Creatively Upscaling Images with Global-Regional Priors
Yurui Qian, Qi Cai, Yingwei Pan, Ting Yao, Tao Mei
TL;DR
C-Upscale introduces a tuning-free diffusion-based upscaling framework that leverages three global-regional priors to achieve high-fidelity and creative ultra-high-resolution images. The Global Structure Prior guides global semantic alignment via the low-frequency content of the low-resolution latent, while Regional Attention Prior and Regional Semantic Prior tailor region-wise consistency and detail generation using cropped cross-attention and prompts produced by Multimodal LLMs. An Attention Composer fuses regional cues to produce coherent, regionally rich outputs, enabling upscales up to 4k×4k (and shown up to higher) with improved fidelity and creativity. Empirical results across synthetic and real-world inputs, comprehensive ablations, and human studies demonstrate superior performance over state-of-the-art tuning-free methods and SR baselines, with favorable efficiency and generalization across diffusion architectures.
Abstract
Contemporary diffusion models show remarkable capability in text-to-image generation, while still being limited to restricted resolutions (e.g., 1,024 X 1,024). Recent advances enable tuning-free higher-resolution image generation by recycling pre-trained diffusion models and extending them via regional denoising or dilated sampling/convolutions.

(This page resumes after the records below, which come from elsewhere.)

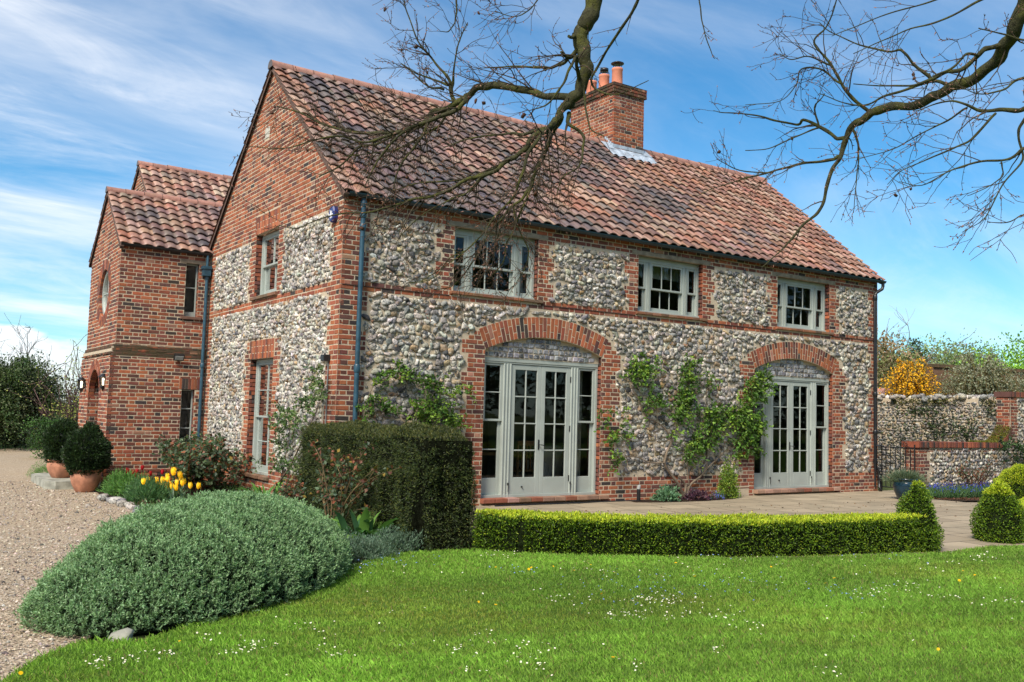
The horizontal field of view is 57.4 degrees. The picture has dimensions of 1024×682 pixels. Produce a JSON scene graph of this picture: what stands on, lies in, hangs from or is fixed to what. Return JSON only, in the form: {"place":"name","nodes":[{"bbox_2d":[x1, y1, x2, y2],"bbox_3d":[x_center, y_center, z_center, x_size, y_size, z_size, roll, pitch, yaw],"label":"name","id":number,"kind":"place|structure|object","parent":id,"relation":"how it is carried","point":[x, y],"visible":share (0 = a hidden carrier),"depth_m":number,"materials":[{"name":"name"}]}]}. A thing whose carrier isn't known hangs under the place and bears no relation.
{"place":"outdoors","nodes":[
{"label":"outdoors","id":0,"kind":"place"},
{"bbox_2d":[0,447,177,680],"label":"gravel","id":1,"kind":"structure","parent":0,"point":[15,466],"depth_m":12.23,"materials":[{"name":"beige gravel"}]},
{"bbox_2d":[26,458,48,478],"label":"groundcover plant","id":2,"kind":"object","parent":1,"relation":"on","point":[38,470],"visible":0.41,"depth_m":20.41,"materials":[{"name":"green plant"}]},
{"bbox_2d":[18,411,77,458],"bbox_3d":[-13.184,2.829,26.968,1.939,1.624,2.085,5,-5,-34],"label":"camellia","id":3,"kind":"object","parent":1,"relation":"on","point":[34,437],"visible":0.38,"depth_m":26.80,"materials":[{"name":"green plant"}]},
{"bbox_2d":[31,473,100,489],"bbox_3d":[-9.030,2.822,18.842,0.950,0.170,2.380,5,-5,-34],"label":"stone step","id":4,"kind":"object","parent":1,"relation":"on","point":[45,480],"visible":0.53,"depth_m":17.92,"materials":[{"name":"beige stone"}]},
{"bbox_2d":[39,417,79,477],"bbox_3d":[-8.993,2.115,18.732,0.897,1.224,0.854,5,-5,-34],"label":"potted conifer","id":5,"kind":"object","parent":4,"relation":"on","point":[53,438],"visible":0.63,"depth_m":18.46,"materials":[{"name":"plant"}]},
{"bbox_2d":[59,421,113,491],"bbox_3d":[-7.954,2.142,17.465,0.994,1.334,0.950,5,-5,-34],"label":"potted conifer","id":6,"kind":"object","parent":1,"relation":"on","point":[86,451],"visible":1,"depth_m":17.25,"materials":[{"name":"plant"}]},
{"bbox_2d":[98,494,106,500],"bbox_3d":[-6.945,2.665,15.875,0.171,0.122,0.144,5,-5,-34],"label":"edging stone","id":7,"kind":"object","parent":1,"relation":"on","point":[102,497],"visible":0.8,"depth_m":15.82,"materials":[{"name":"grey stone"}]},
{"bbox_2d":[126,504,135,509],"bbox_3d":[-6.015,2.621,14.774,0.159,0.091,0.117,3,-5,-16],"label":"edging stone","id":8,"kind":"object","parent":1,"relation":"on","point":[129,506],"visible":0.8,"depth_m":14.72,"materials":[{"name":"grey stone"}]},
{"bbox_2d":[95,480,473,564],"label":"soil","id":9,"kind":"structure","parent":0,"point":[221,488],"depth_m":16.62,"materials":[{"name":"brown soil"}]},
{"bbox_2d":[108,497,121,503],"bbox_3d":[-6.560,2.651,15.498,0.220,0.142,0.167,5,-5,-34],"label":"edging stone","id":10,"kind":"object","parent":9,"relation":"on","point":[112,500],"visible":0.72,"depth_m":15.44,"materials":[{"name":"grey stone"}]},
{"bbox_2d":[95,466,144,496],"bbox_3d":[-7.141,2.597,17.264,0.951,0.610,2.053,5,-5,-34],"label":"fennel","id":11,"kind":"object","parent":9,"relation":"on","point":[114,484],"visible":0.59,"depth_m":17.07,"materials":[{"name":"green plant"}]},
{"bbox_2d":[116,500,127,506],"bbox_3d":[-6.310,2.640,15.141,0.175,0.119,0.167,5,-5,-34],"label":"edging stone","id":12,"kind":"object","parent":9,"relation":"on","point":[120,503],"visible":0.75,"depth_m":15.07,"materials":[{"name":"grey stone"}]},
{"bbox_2d":[119,469,178,502],"bbox_3d":[-6.184,2.530,16.068,1.007,0.682,1.491,5,-5,-34],"label":"fennel","id":13,"kind":"object","parent":9,"relation":"on","point":[136,491],"visible":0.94,"depth_m":15.84,"materials":[{"name":"green plant"}]},
{"bbox_2d":[167,467,177,498],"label":"yellow tulip","id":14,"kind":"object","parent":9,"relation":"on","point":[173,473],"visible":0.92,"depth_m":15.77,"materials":[{"name":"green plant"}]},
{"bbox_2d":[178,471,186,497],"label":"yellow tulip","id":15,"kind":"object","parent":9,"relation":"on","point":[180,477],"visible":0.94,"depth_m":15.81,"materials":[{"name":"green plant"}]},
{"bbox_2d":[11,489,356,639],"bbox_3d":[-2.468,1.648,7.806,1.993,0.816,3.898,0,-5,15],"label":"evergreen mound","id":16,"kind":"object","parent":9,"relation":"on","point":[205,555],"visible":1,"depth_m":6.67,"materials":[{"name":"green plant"}]},
{"bbox_2d":[155,428,220,485],"bbox_3d":[-6.269,2.264,18.185,1.303,1.219,1.782,5,-5,-34],"label":"rose bush","id":17,"kind":"object","parent":9,"relation":"on","point":[188,441],"visible":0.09,"depth_m":17.89,"materials":[{"name":"green plant"}]},
{"bbox_2d":[151,433,259,493],"bbox_3d":[-5.460,2.145,16.568,1.788,1.106,2.528,5,-5,-34],"label":"rose bush","id":18,"kind":"object","parent":9,"relation":"on","point":[206,464],"visible":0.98,"depth_m":16.14,"materials":[{"name":"green plant"}]},
{"bbox_2d":[236,480,293,494],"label":"perennial","id":19,"kind":"object","parent":9,"relation":"on","point":[256,488],"visible":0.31,"depth_m":14.81,"materials":[{"name":"green plant"}]},
{"bbox_2d":[255,363,329,493],"bbox_3d":[-3.443,1.415,14.549,0.292,2.106,2.591,5,-5,-34],"label":"espalier pear","id":20,"kind":"object","parent":9,"relation":"on","point":[291,416],"visible":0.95,"depth_m":14.49,"materials":[{"name":"green plant"}]},
{"bbox_2d":[272,474,313,499],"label":"rose bush","id":21,"kind":"object","parent":9,"relation":"on","point":[291,493],"visible":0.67,"depth_m":12.49,"materials":[{"name":"green plant"}]},
{"bbox_2d":[131,481,469,550],"bbox_3d":[-4.103,2.405,12.687,3.388,0.377,8.990,5,-5,-34],"label":"bed groundcover","id":22,"kind":"object","parent":9,"relation":"on","point":[226,486],"visible":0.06,"depth_m":16.16,"materials":[{"name":"green plant"}]},
{"bbox_2d":[307,439,401,519],"bbox_3d":[-1.837,1.699,10.627,1.606,1.155,0.730,-2,-5,35],"label":"rose bush","id":23,"kind":"object","parent":9,"relation":"on","point":[338,487],"visible":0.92,"depth_m":10.61,"materials":[{"name":"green plant"}]},
{"bbox_2d":[331,507,400,540],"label":"hosta","id":24,"kind":"object","parent":9,"relation":"on","point":[363,523],"visible":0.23,"depth_m":10.11,"materials":[{"name":"green plant"}]},
{"bbox_2d":[343,528,402,561],"bbox_3d":[-1.568,2.032,9.409,1.051,0.361,0.788,5,-5,-34],"label":"catmint","id":25,"kind":"object","parent":9,"relation":"on","point":[364,546],"visible":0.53,"depth_m":9.35,"materials":[{"name":"green plant"}]},
{"bbox_2d":[293,419,478,552],"bbox_3d":[-1.709,1.690,11.798,1.224,1.452,4.238,5,-5,-34],"label":"yew hedge","id":26,"kind":"object","parent":9,"relation":"on","point":[428,488],"visible":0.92,"depth_m":10.36,"materials":[{"name":"green plant"}]},
{"bbox_2d":[369,524,431,554],"bbox_3d":[-1.219,2.095,9.919,0.852,0.323,0.465,5,-5,-34],"label":"catmint","id":27,"kind":"object","parent":9,"relation":"on","point":[397,538],"visible":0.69,"depth_m":9.87,"materials":[{"name":"green plant"}]},
{"bbox_2d":[0,404,979,641],"bbox_3d":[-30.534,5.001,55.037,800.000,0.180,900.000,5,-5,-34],"label":"ground","id":28,"kind":"structure","parent":0,"point":[140,635],"depth_m":6.20,"materials":[{"name":"brown soil"}]},
{"bbox_2d":[0,373,10,435],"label":"evergreen bush","id":29,"kind":"object","parent":28,"relation":"on","point":[4,396],"visible":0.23,"depth_m":30.21,"materials":[{"name":"green plant"}]},
{"bbox_2d":[0,442,43,450],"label":"border plants","id":30,"kind":"object","parent":28,"relation":"on","point":[4,447],"visible":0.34,"depth_m":30.53,"materials":[{"name":"green plant"}]},
{"bbox_2d":[0,313,64,392],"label":"bare tree","id":31,"kind":"object","parent":28,"relation":"on","point":[21,350],"visible":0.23,"depth_m":44.09,"materials":[{"name":"brown plant"}]},
{"bbox_2d":[0,347,69,449],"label":"evergreen bush","id":32,"kind":"object","parent":28,"relation":"on","point":[24,369],"visible":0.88,"depth_m":30.65,"materials":[{"name":"green plant"}]},
{"bbox_2d":[6,341,78,433],"bbox_3d":[-14.526,1.711,30.629,4.177,3.640,3.221,0,-5,23],"label":"young tree","id":33,"kind":"object","parent":28,"relation":"on","point":[43,408],"visible":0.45,"depth_m":30.21,"materials":[{"name":"green plant"}]},
{"bbox_2d":[13,350,76,402],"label":"bare tree","id":34,"kind":"object","parent":28,"relation":"on","point":[62,383],"depth_m":45.72,"materials":[{"name":"brown plant"}]},
{"bbox_2d":[50,371,79,420],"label":"hedge bush","id":35,"kind":"object","parent":28,"relation":"on","point":[62,400],"visible":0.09,"depth_m":35.37,"materials":[{"name":"green plant"}]},
{"bbox_2d":[55,396,76,420],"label":"hedge bush","id":36,"kind":"object","parent":28,"relation":"on","point":[66,404],"visible":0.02,"depth_m":36.48,"materials":[{"name":"green plant"}]},
{"bbox_2d":[56,335,85,421],"bbox_3d":[-14.676,1.659,33.069,3.376,3.989,3.411,0,-5,16],"label":"young tree","id":37,"kind":"object","parent":28,"relation":"on","point":[79,374],"visible":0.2,"depth_m":32.57,"materials":[{"name":"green plant"}]},
{"bbox_2d":[108,627,133,640],"bbox_3d":[-2.466,1.868,5.901,0.147,0.101,0.119,3,-5,-13],"label":"edging stone","id":38,"kind":"object","parent":28,"relation":"on","point":[125,632],"visible":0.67,"depth_m":5.88,"materials":[{"name":"white stone"}]},
{"bbox_2d":[78,59,886,505],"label":"country house","id":39,"kind":"structure","parent":28,"relation":"on","point":[662,259],"depth_m":17.73,"materials":[{"name":"stone"}]},
{"bbox_2d":[77,374,85,392],"bbox_3d":[-9.363,0.930,20.345,0.189,0.405,0.159,5,-5,-34],"label":"wall lantern","id":40,"kind":"object","parent":39,"relation":"attached to","point":[81,384],"depth_m":20.32,"materials":[{"name":"black metal"}]},
{"bbox_2d":[99,371,105,390],"bbox_3d":[-8.160,0.797,18.664,0.184,0.405,0.159,5,-5,-34],"label":"wall lantern","id":41,"kind":"object","parent":39,"relation":"attached to","point":[102,383],"depth_m":18.63,"materials":[{"name":"black metal"}]},
{"bbox_2d":[102,272,108,314],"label":"window","id":42,"kind":"structure","parent":39,"relation":"in","point":[105,293],"depth_m":20.12,"materials":[{"name":"green paint"}]},
{"bbox_2d":[173,353,184,360],"bbox_3d":[-6.785,0.337,19.051,0.200,0.156,0.145,5,-5,-34],"label":"floodlight","id":43,"kind":"object","parent":39,"relation":"attached to","point":[178,357],"visible":1,"depth_m":19.00,"materials":[{"name":"black metal"}]},
{"bbox_2d":[179,389,192,439],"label":"window","id":44,"kind":"structure","parent":39,"relation":"in","point":[191,402],"depth_m":19.29,"materials":[{"name":"green paint"}]},
{"bbox_2d":[180,259,209,319],"bbox_3d":[-6.608,-1.051,19.403,0.590,1.234,0.205,5,-5,-34],"label":"window","id":45,"kind":"structure","parent":39,"relation":"in","point":[187,315],"depth_m":19.41,"materials":[{"name":"green paint"}]},
{"bbox_2d":[241,359,272,480],"bbox_3d":[-4.390,1.366,16.547,0.291,2.103,1.356,5,-5,-34],"label":"window","id":46,"kind":"structure","parent":39,"relation":"in","point":[264,368],"depth_m":16.80,"materials":[{"name":"green paint"}]},
{"bbox_2d":[249,230,278,300],"bbox_3d":[-4.316,-1.360,16.759,0.291,1.212,1.345,5,-5,-34],"label":"window","id":47,"kind":"structure","parent":39,"relation":"in","point":[268,281],"depth_m":17.01,"materials":[{"name":"green paint"}]},
{"bbox_2d":[320,354,329,423],"bbox_3d":[-2.825,1.050,13.974,0.110,1.700,0.120,5,-5,-34],"label":"security light","id":48,"kind":"object","parent":39,"relation":"attached to","point":[324,357],"visible":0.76,"depth_m":13.99,"materials":[{"name":"black metal"}]},
{"bbox_2d":[329,206,337,222],"bbox_3d":[-2.712,-1.921,14.186,0.080,0.250,0.200,5,-5,-34],"label":"alarm box","id":49,"kind":"object","parent":39,"relation":"attached to","point":[332,210],"visible":0.93,"depth_m":14.13,"materials":[{"name":"blue plastic"}]},
{"bbox_2d":[354,358,476,432],"bbox_3d":[-1.433,0.857,14.335,2.102,1.150,0.305,5,-5,-34],"label":"climbing plant","id":50,"kind":"object","parent":39,"relation":"attached to","point":[444,413],"visible":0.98,"depth_m":14.38,"materials":[{"name":"green plant"}]},
{"bbox_2d":[447,220,547,303],"bbox_3d":[-0.275,-1.276,15.544,2.005,1.178,0.287,5,-5,-34],"label":"window","id":51,"kind":"structure","parent":39,"relation":"in","point":[468,236],"depth_m":15.59,"materials":[{"name":"white paint"}]},
{"bbox_2d":[482,450,532,459],"bbox_3d":[-0.323,2.403,17.294,1.900,0.730,0.900,5,-5,-34],"label":"dining table","id":52,"kind":"object","parent":39,"relation":"in","point":[488,452],"visible":0.07,"depth_m":17.09,"materials":[{"name":"brown wood"}]},
{"bbox_2d":[513,441,533,476],"bbox_3d":[0.136,2.249,16.625,0.420,0.960,0.435,5,-5,-34],"label":"dining chair","id":53,"kind":"object","parent":39,"relation":"in","point":[517,469],"visible":0.53,"depth_m":16.43,"materials":[{"name":"brown wood"}]},
{"bbox_2d":[480,357,608,503],"bbox_3d":[0.562,1.513,15.913,2.613,2.377,0.342,5,-5,-34],"label":"french window","id":54,"kind":"structure","parent":39,"relation":"in","point":[504,488],"depth_m":15.90,"materials":[{"name":"white paint"}]},
{"bbox_2d":[515,445,578,476],"bbox_3d":[0.686,2.285,16.890,0.907,0.838,1.014,5,-5,-34],"label":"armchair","id":55,"kind":"object","parent":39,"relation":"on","point":[547,464],"visible":0.2,"depth_m":16.59,"materials":[{"name":"fabric"}]},
{"bbox_2d":[593,406,635,475],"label":"climbing plant","id":56,"kind":"object","parent":39,"relation":"attached to","point":[614,436],"visible":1,"depth_m":16.46,"materials":[{"name":"green plant"}]},
{"bbox_2d":[632,249,710,320],"bbox_3d":[2.968,-1.018,17.713,2.005,1.178,0.286,5,-5,-34],"label":"window","id":57,"kind":"structure","parent":39,"relation":"in","point":[647,263],"depth_m":17.79,"materials":[{"name":"white paint"}]},
{"bbox_2d":[617,351,779,496],"bbox_3d":[3.626,1.589,17.680,4.165,2.702,0.356,5,-5,-34],"label":"climbing plant","id":58,"kind":"object","parent":39,"relation":"attached to","point":[748,417],"visible":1,"depth_m":17.69,"materials":[{"name":"green plant"}]},
{"bbox_2d":[753,375,840,493],"bbox_3d":[5.879,1.934,19.469,2.614,2.377,0.342,5,-5,-34],"label":"french window","id":59,"kind":"structure","parent":39,"relation":"in","point":[766,481],"depth_m":19.52,"materials":[{"name":"white paint"}]},
{"bbox_2d":[772,272,835,334],"bbox_3d":[6.128,-0.768,19.827,2.025,1.179,0.286,5,-5,-34],"label":"window","id":60,"kind":"structure","parent":39,"relation":"in","point":[813,287],"depth_m":19.91,"materials":[{"name":"white paint"}]},
{"bbox_2d":[469,508,929,557],"bbox_3d":[2.249,2.168,10.559,5.501,0.527,0.959,2,-4,-10],"label":"box hedge","id":61,"kind":"object","parent":28,"relation":"on","point":[657,534],"visible":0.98,"depth_m":10.18,"materials":[{"name":"green plant"}]},
{"bbox_2d":[877,306,914,357],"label":"dead tree","id":62,"kind":"object","parent":28,"relation":"on","point":[901,327],"visible":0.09,"depth_m":40.64,"materials":[{"name":"wood"}]},
{"bbox_2d":[881,337,925,376],"bbox_3d":[15.211,2.433,37.224,3.992,5.151,3.795,2,-4,-9],"label":"leafy tree","id":63,"kind":"object","parent":28,"relation":"on","point":[911,351],"visible":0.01,"depth_m":36.91,"materials":[{"name":"green plant"}]},
{"bbox_2d":[877,325,932,387],"bbox_3d":[13.588,1.957,34.146,3.654,5.121,4.116,5,-5,-34],"label":"leafy tree","id":64,"kind":"object","parent":28,"relation":"on","point":[886,360],"visible":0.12,"depth_m":33.75,"materials":[{"name":"green plant"}]},
{"bbox_2d":[878,356,945,397],"bbox_3d":[11.720,1.742,27.469,1.983,2.602,1.958,5,-5,-34],"label":"forsythia","id":65,"kind":"object","parent":28,"relation":"on","point":[916,383],"visible":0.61,"depth_m":27.33,"materials":[{"name":"yellow plant"}]},
{"bbox_2d":[897,330,950,371],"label":"dead tree","id":66,"kind":"object","parent":28,"relation":"on","point":[917,345],"visible":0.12,"depth_m":41.16,"materials":[{"name":"brown plant"}]},
{"bbox_2d":[878,321,975,373],"bbox_3d":[13.369,1.919,36.376,8.018,5.547,5.947,0,-5,20],"label":"red budded tree","id":67,"kind":"object","parent":28,"relation":"on","point":[933,346],"visible":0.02,"depth_m":33.45,"materials":[{"name":"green plant"}]},
{"bbox_2d":[878,393,996,478],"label":"rubble wall","id":68,"kind":"structure","parent":28,"relation":"on","point":[960,417],"depth_m":24.82,"materials":[{"name":"grey stone"}]},
{"bbox_2d":[899,327,1003,365],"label":"leafy tree","id":69,"kind":"object","parent":28,"relation":"on","point":[948,356],"visible":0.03,"depth_m":41.51,"materials":[{"name":"green plant"}]},
{"bbox_2d":[901,392,1023,487],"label":"garden wall","id":70,"kind":"structure","parent":28,"relation":"on","point":[933,458],"depth_m":21.44,"materials":[{"name":"stone"}]},
{"bbox_2d":[998,435,1023,464],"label":"climbing plant","id":71,"kind":"object","parent":70,"relation":"attached to","point":[1006,446],"visible":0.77,"depth_m":21.99,"materials":[{"name":"green plant"}]},
{"bbox_2d":[927,333,1011,367],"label":"leafy tree","id":72,"kind":"object","parent":28,"relation":"on","point":[963,351],"visible":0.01,"depth_m":45.02,"materials":[{"name":"green plant"}]},
{"bbox_2d":[924,364,1023,395],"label":"garden wall","id":73,"kind":"structure","parent":28,"relation":"on","point":[938,371],"depth_m":33.16,"materials":[{"name":"brick"}]},
{"bbox_2d":[931,348,1023,396],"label":"grey shrub","id":74,"kind":"object","parent":28,"relation":"on","point":[987,381],"visible":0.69,"depth_m":26.65,"materials":[{"name":"green plant"}]},
{"bbox_2d":[945,345,1021,364],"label":"leafy tree","id":75,"kind":"object","parent":28,"relation":"on","point":[980,352],"visible":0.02,"depth_m":44.35,"materials":[{"name":"green plant"}]},
{"bbox_2d":[956,324,1023,368],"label":"leafy tree","id":76,"kind":"object","parent":28,"relation":"on","point":[1016,362],"visible":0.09,"depth_m":38.09,"materials":[{"name":"green plant"}]},
{"bbox_2d":[1007,370,1023,391],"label":"grey shrub","id":77,"kind":"object","parent":28,"relation":"on","point":[1020,374],"visible":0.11,"depth_m":29.16,"materials":[{"name":"green plant"}]},
{"bbox_2d":[1018,496,1023,518],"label":"box hedge","id":78,"kind":"object","parent":28,"relation":"on","point":[1021,499],"visible":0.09,"depth_m":13.08,"materials":[{"name":"green plant"}]},
{"bbox_2d":[0,0,1023,399],"label":"sky","id":79,"kind":"structure","parent":0,"point":[90,90],"materials":[{"name":"blue"}]},
{"bbox_2d":[0,544,1023,681],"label":"lawn","id":80,"kind":"structure","parent":0,"point":[502,647],"depth_m":6.47,"materials":[{"name":"green plant"}]},
{"bbox_2d":[18,562,975,674],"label":"dandelions","id":81,"kind":"object","parent":80,"relation":"on","point":[21,672],"visible":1,"depth_m":7.14,"materials":[{"name":"yellow plant"}]},
{"bbox_2d":[85,550,1022,675],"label":"daisies","id":82,"kind":"object","parent":80,"relation":"on","point":[555,601],"visible":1,"depth_m":6.53,"materials":[{"name":"white plant"}]},
{"bbox_2d":[229,0,1023,340],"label":"overhanging tree","id":83,"kind":"object","parent":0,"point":[579,56],"visible":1,"depth_m":5.01,"materials":[{"name":"brown plant"}]},
{"bbox_2d":[358,552,894,604],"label":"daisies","id":84,"kind":"object","parent":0,"point":[638,577],"visible":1,"depth_m":8.39,"materials":[{"name":"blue plant"}]},
{"bbox_2d":[472,490,1023,557],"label":"patio","id":85,"kind":"structure","parent":0,"point":[957,532],"depth_m":15.92,"materials":[{"name":"beige stone"}]},
{"bbox_2d":[495,500,636,506],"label":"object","id":86,"kind":"object","parent":85,"relation":"on","point":[564,503],"visible":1,"depth_m":15.71,"materials":[{"name":"red brick"}]},
{"bbox_2d":[633,497,734,501],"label":"soil","id":87,"kind":"structure","parent":85,"relation":"on","point":[682,500],"depth_m":16.92,"materials":[{"name":"brown soil"}]},
{"bbox_2d":[637,485,640,500],"bbox_3d":[2.249,2.699,16.604,0.068,0.297,0.072,5,-5,-34],"label":"bollard light","id":88,"kind":"object","parent":87,"relation":"on","point":[638,491],"visible":1,"depth_m":16.58,"materials":[{"name":"black metal"}]},
{"bbox_2d":[650,484,681,501],"bbox_3d":[2.798,2.746,16.856,0.575,0.372,0.551,5,-5,-34],"label":"heuchera","id":89,"kind":"object","parent":87,"relation":"on","point":[667,492],"visible":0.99,"depth_m":16.80,"materials":[{"name":"green plant"}]},
{"bbox_2d":[679,488,716,500],"bbox_3d":[3.418,2.824,17.204,0.770,0.277,0.546,5,-5,-34],"label":"heuchera","id":90,"kind":"object","parent":87,"relation":"on","point":[695,494],"visible":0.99,"depth_m":17.12,"materials":[{"name":"purple plant"}]},
{"bbox_2d":[710,490,725,499],"bbox_3d":[3.828,2.862,17.439,0.331,0.204,0.409,0,-5,19],"label":"grape hyacinth","id":91,"kind":"object","parent":87,"relation":"on","point":[720,495],"visible":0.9,"depth_m":17.42,"materials":[{"name":"blue plant"}]},
{"bbox_2d":[715,455,741,497],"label":"upright shrub","id":92,"kind":"object","parent":87,"relation":"on","point":[732,479],"visible":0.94,"depth_m":17.78,"materials":[{"name":"green plant"}]},
{"bbox_2d":[585,496,980,516],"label":"fallen leaves","id":93,"kind":"object","parent":85,"relation":"on","point":[963,498],"visible":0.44,"depth_m":18.79,"materials":[{"name":"brown plant"}]},
{"bbox_2d":[880,466,938,499],"bbox_3d":[7.841,2.791,18.483,1.012,0.693,1.166,2,-4,-11],"label":"glazed pot","id":94,"kind":"object","parent":85,"relation":"on","point":[901,480],"visible":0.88,"depth_m":18.43,"materials":[{"name":"blue ceramic"}]},
{"bbox_2d":[895,480,944,552],"bbox_3d":[4.860,2.102,11.236,0.573,0.886,0.630,5,-5,-34],"label":"topiary cone","id":95,"kind":"object","parent":85,"relation":"on","point":[917,499],"visible":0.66,"depth_m":11.09,"materials":[{"name":"green plant"}]},
{"bbox_2d":[932,496,979,500],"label":"soil","id":96,"kind":"structure","parent":85,"relation":"on","point":[959,499],"depth_m":18.78,"materials":[{"name":"brown soil"}]},
{"bbox_2d":[921,481,992,497],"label":"bluebells","id":97,"kind":"object","parent":96,"relation":"on","point":[944,491],"visible":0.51,"depth_m":19.39,"materials":[{"name":"blue plant"}]},
{"bbox_2d":[944,460,998,487],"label":"rose bush","id":98,"kind":"object","parent":96,"relation":"on","point":[963,473],"visible":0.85,"depth_m":20.62,"materials":[{"name":"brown plant"}]},
{"bbox_2d":[969,480,1023,543],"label":"topiary cone","id":99,"kind":"object","parent":85,"relation":"on","point":[998,514],"visible":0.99,"depth_m":12.15,"materials":[{"name":"green plant"}]},
{"bbox_2d":[992,463,1023,499],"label":"topiary cone","id":100,"kind":"object","parent":85,"relation":"on","point":[1013,476],"visible":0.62,"depth_m":16.79,"materials":[{"name":"green plant"}]},
{"bbox_2d":[878,388,892,394],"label":"outbuilding","id":101,"kind":"structure","parent":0,"point":[883,390],"depth_m":28.17,"materials":[{"name":"brick"}]},
{"bbox_2d":[874,439,914,489],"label":"iron gate","id":102,"kind":"structure","parent":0,"point":[881,448],"depth_m":20.60,"materials":[{"name":"black metal"}]}
]}

However, these models struggle to simultaneously preserve global semantic structure and produce creative regional details in higher-resolution images. To address this, we present C-Upscale, a new recipe of tuning-free image upscaling that pivots on global-regional priors derived from given global prompt and estimated regional prompts via Multimodal LLM. Technically, the low-frequency component of low-resolution image is recognized as global structure prior to encourage global semantic consistency in high-resolution generation. Next, we perform regional attention control to screen cross-attention between global prompt and each region during regional denoising, leading to regional attention prior that alleviates object repetition issue. The estimated regional prompts containing rich descriptive details further act as regional semantic prior to fuel the creativity of regional detail generation. Both quantitative and qualitative evaluations demonstrate that our C-Upscale manages to generate ultra-high-resolution images (e.g., 4,096 X 4,096 and 8,192 X 8,192) with higher visual fidelity and more creative regional details.